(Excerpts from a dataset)
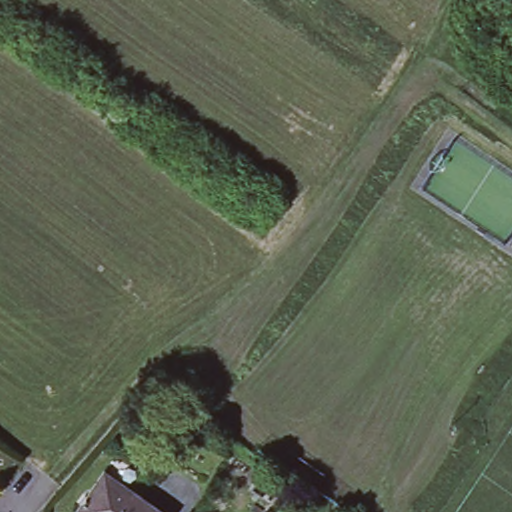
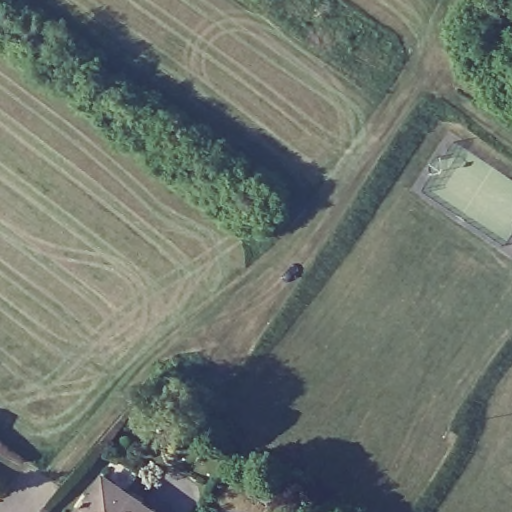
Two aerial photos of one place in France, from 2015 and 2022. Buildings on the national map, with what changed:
unchanged [(160,512),(80,512),(105,474),(160,512)]

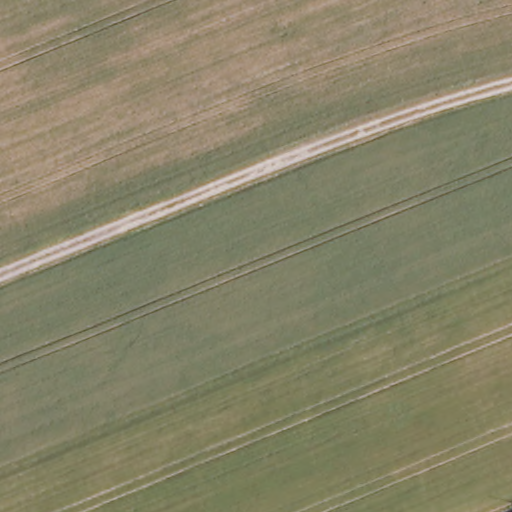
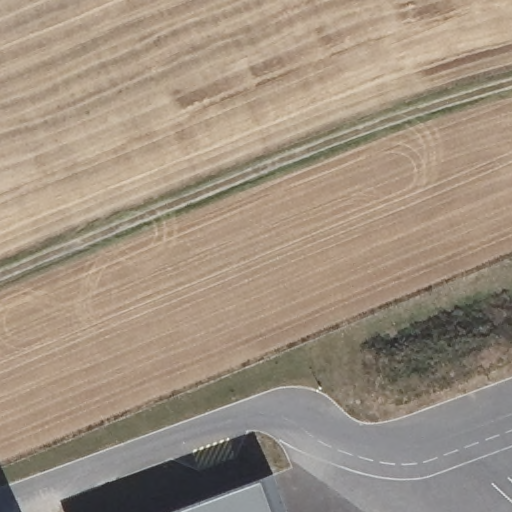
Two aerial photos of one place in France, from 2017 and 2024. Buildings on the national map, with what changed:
new [(286,512),(174,512),(272,475),(286,512)]

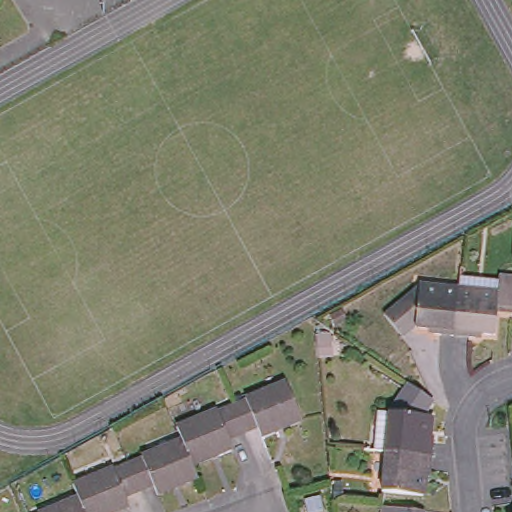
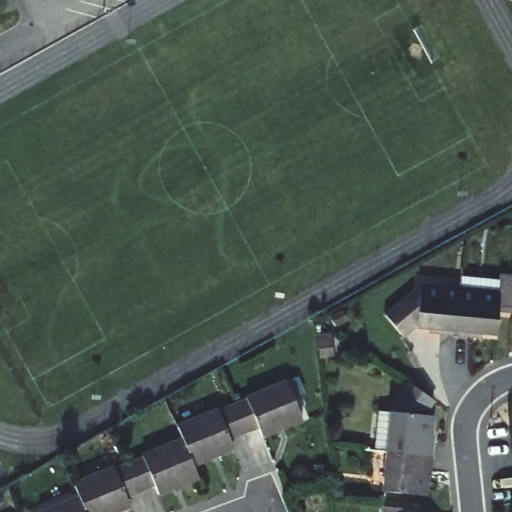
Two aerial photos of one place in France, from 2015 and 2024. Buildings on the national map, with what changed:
unchanged [(453,337),(457,295),(459,282),(498,287),(498,281),(512,282),(512,300),(511,310),(497,308),(494,336),(480,335),(480,340),(473,339),(453,337)]
unchanged [(428,329),(416,328),(400,336),(385,310),(400,302),(417,303),(417,291),(457,295),(453,337),(434,335),(428,335),(428,329)]
unchanged [(512,300),(512,310),(511,310),(512,300)]
unchanged [(334,328),(328,317),(341,311),(347,322),(334,328)]
unchanged [(332,357),(317,358),(316,342),(330,340),(332,357)]
unchanged [(267,437),(262,427),(232,438),(237,450),(197,466),(202,479),(162,495),(157,486),(128,497),(132,507),(120,512),(44,512),(82,497),(77,485),(117,468),(118,471),(147,459),(145,456),(185,440),(180,427),(220,410),(222,413),(251,401),(250,398),(290,382),(305,422),(267,437)]
unchanged [(381,412),(435,416),(433,436),(438,437),(436,457),(390,452),(377,451),(381,412)]
unchanged [(436,457),(434,477),(429,476),(427,496),(387,492),(390,452),(436,457)]
unchanged [(342,502),(333,502),(333,486),(342,487),(342,502)]

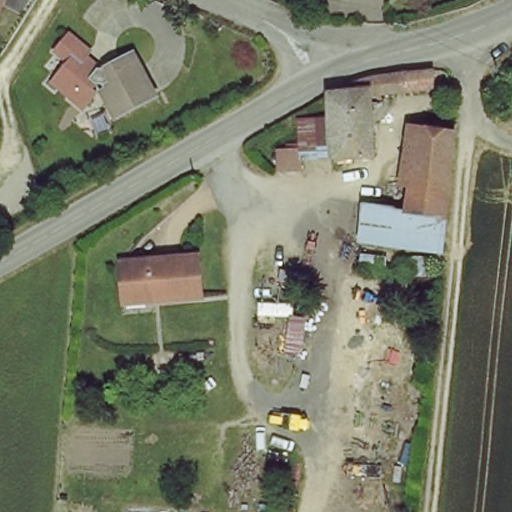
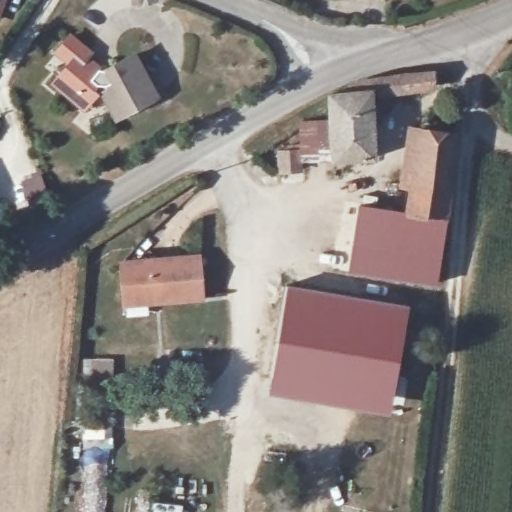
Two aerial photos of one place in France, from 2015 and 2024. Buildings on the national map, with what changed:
unchanged [(0,13),(0,0),(5,0),(0,13)]
unchanged [(75,35),(87,48),(95,58),(100,67),(107,70),(137,53),(150,72),(160,89),(117,115),(107,96),(108,92),(110,86),(107,83),(92,85),(95,96),(78,109),(53,81),(71,63),(60,51),(75,35)]
unchanged [(377,84),(377,70),(436,72),(433,89),(376,89),(377,84)]
unchanged [(373,158),(330,158),(332,88),(335,87),(377,84),(376,89),(373,158)]
new [(330,158),(301,162),(298,119),(331,117),(330,158)]
unchanged [(404,120),(421,120),(420,215),(400,213),(404,120)]
unchanged [(453,121),(453,188),(447,217),(420,215),(421,120),(453,121)]
unchanged [(297,157),(297,169),(273,169),(273,149),(297,147),(297,157)]
new [(347,271),(357,202),(400,210),(400,213),(420,215),(447,217),(436,285),(347,271)]
unchanged [(126,286),(127,259),(200,262),(198,302),(158,302),(125,302),(126,286)]
new [(407,315),(392,404),(273,385),(287,296),(407,315)]

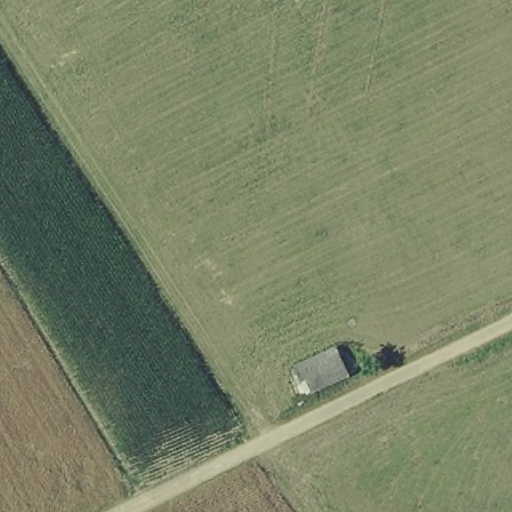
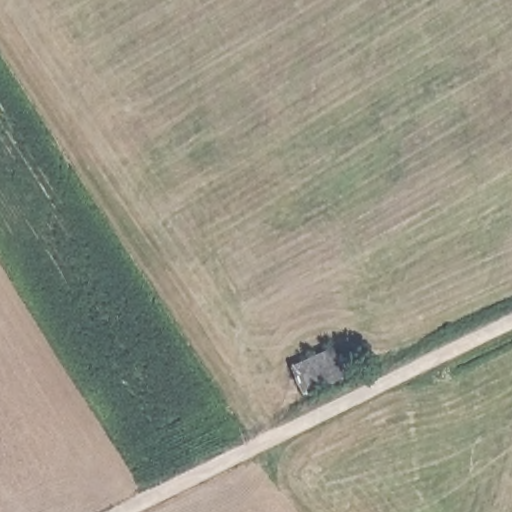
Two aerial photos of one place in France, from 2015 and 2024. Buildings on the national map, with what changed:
unchanged [(348,373),(304,393),(293,366),(336,346),(348,373)]

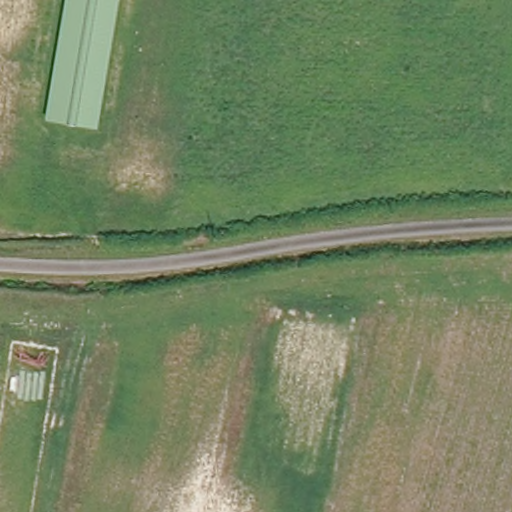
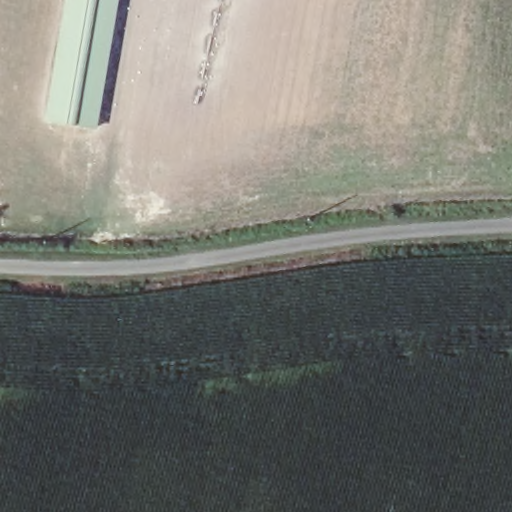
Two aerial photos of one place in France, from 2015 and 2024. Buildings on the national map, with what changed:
unchanged [(44,120),(64,0),(119,0),(99,129),(44,120)]

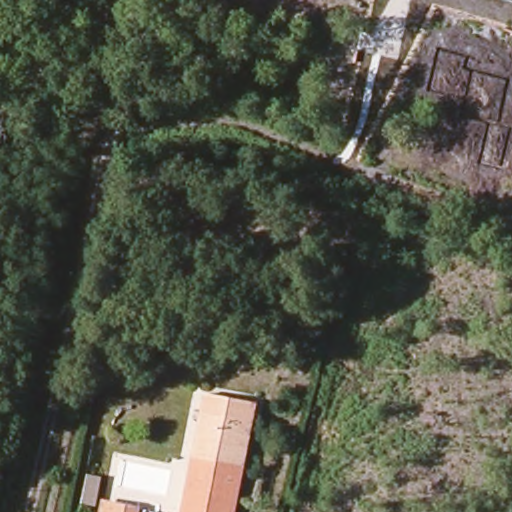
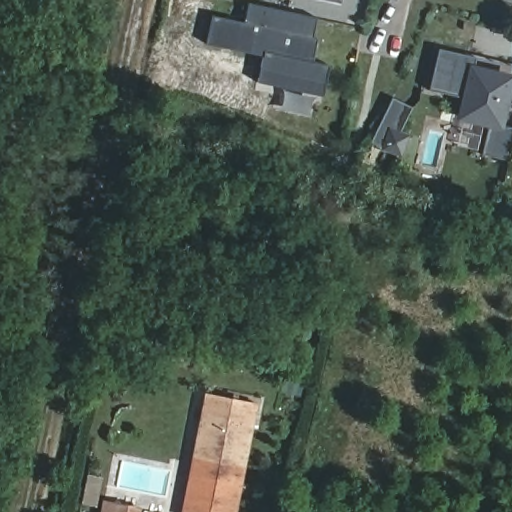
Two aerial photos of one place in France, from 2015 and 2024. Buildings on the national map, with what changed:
new [(342,3),(328,0),(342,0),(342,3)]
new [(323,97),(257,82),(263,55),(207,43),(213,17),(247,24),(251,3),(316,18),(312,36),(318,38),(313,63),(330,66),(323,97)]
new [(481,155),(489,127),(456,121),(462,98),(430,90),(439,48),(474,56),(474,65),(512,73),(512,79),(503,125),(512,126),(512,146),(508,161),(481,155)]
new [(401,131),(409,134),(399,159),(380,150),(382,146),(372,141),(393,98),(413,107),(401,131)]
unchanged [(180,512),(186,481),(190,459),(204,397),(251,407),(237,471),(233,492),(229,512),(180,512)]
new [(149,505),(148,512),(100,512),(104,497),(149,505)]

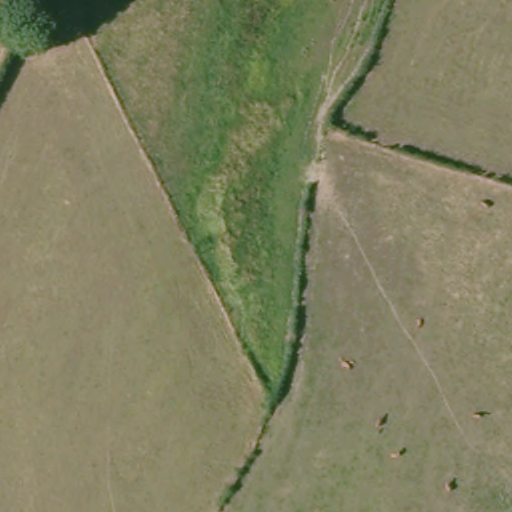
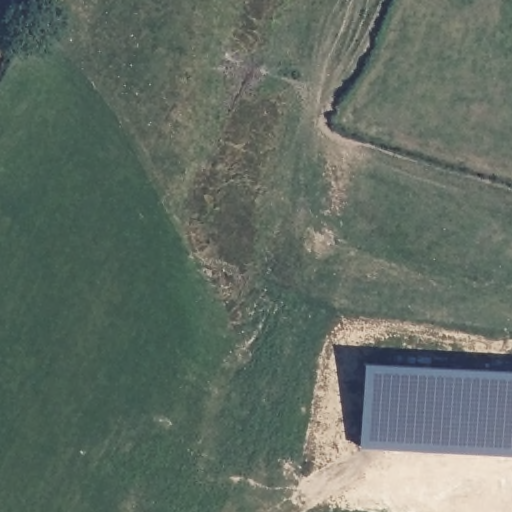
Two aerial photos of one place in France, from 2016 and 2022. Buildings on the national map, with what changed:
new [(372,366),(512,379),(512,456),(365,443),(372,366)]

▶ _WHAT YOU WILL DO_: Please output exactly the lines from the one containing "Two aerial photos of one place in France, from 2016" through the end of the records, both included.

▶ _THE ANSWER_:
Two aerial photos of one place in France, from 2016 and 2022. Buildings on the national map, with what changed:
new [(372,366),(512,379),(512,456),(365,443),(372,366)]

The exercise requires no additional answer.